Extracted material Start Marker
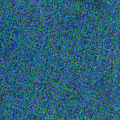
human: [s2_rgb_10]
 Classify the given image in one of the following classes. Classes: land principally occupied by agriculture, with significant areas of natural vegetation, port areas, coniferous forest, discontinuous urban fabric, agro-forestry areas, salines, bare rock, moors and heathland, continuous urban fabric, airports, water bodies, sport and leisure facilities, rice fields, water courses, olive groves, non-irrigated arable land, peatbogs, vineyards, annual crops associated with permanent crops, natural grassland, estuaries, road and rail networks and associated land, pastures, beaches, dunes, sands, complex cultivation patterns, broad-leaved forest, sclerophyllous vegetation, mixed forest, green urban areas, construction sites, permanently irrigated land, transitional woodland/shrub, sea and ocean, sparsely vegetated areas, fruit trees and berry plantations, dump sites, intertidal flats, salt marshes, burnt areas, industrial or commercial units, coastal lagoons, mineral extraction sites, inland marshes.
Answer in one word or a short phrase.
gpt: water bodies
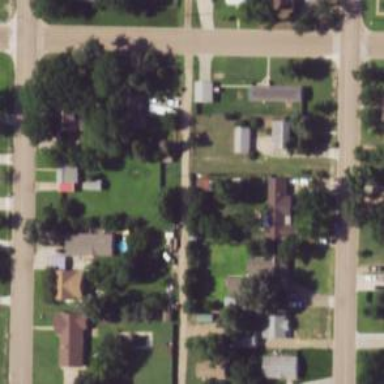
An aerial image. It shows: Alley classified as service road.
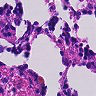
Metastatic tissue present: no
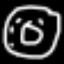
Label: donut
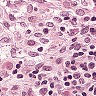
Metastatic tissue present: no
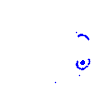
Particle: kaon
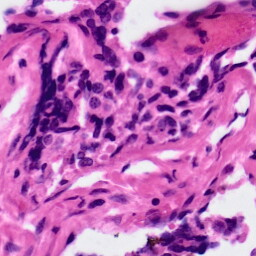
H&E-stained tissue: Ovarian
Extracted material End Marker
Extracted material Start Marker
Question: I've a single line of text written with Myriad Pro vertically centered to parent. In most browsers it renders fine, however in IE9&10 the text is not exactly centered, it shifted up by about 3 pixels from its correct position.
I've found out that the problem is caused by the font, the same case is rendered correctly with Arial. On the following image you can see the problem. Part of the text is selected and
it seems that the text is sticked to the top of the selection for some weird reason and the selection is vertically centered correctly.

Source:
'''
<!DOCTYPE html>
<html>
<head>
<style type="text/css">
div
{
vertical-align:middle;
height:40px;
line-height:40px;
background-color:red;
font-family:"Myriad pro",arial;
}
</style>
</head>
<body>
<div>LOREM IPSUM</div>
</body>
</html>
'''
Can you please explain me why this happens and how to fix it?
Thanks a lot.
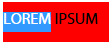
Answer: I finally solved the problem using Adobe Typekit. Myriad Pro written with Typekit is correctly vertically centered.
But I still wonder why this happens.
Extracted material End Marker
Extracted material Start Marker
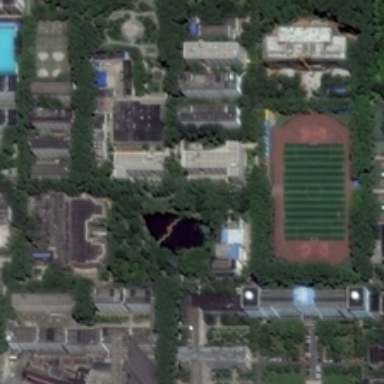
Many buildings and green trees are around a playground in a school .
Extracted material End Marker
What to produce — Where a picture appears in the records above, omit it, and transcribe exactly the stretch of lines from the one with "Answer in one word or a short phrase." through the one with "H&E-stained tissue: Ovarian".

Task output —
Answer in one word or a short phrase.
gpt: water bodies
An aerial image. It shows: Alley classified as service road.
Metastatic tissue present: no
Label: donut
Metastatic tissue present: no
Particle: kaon
H&E-stained tissue: Ovarian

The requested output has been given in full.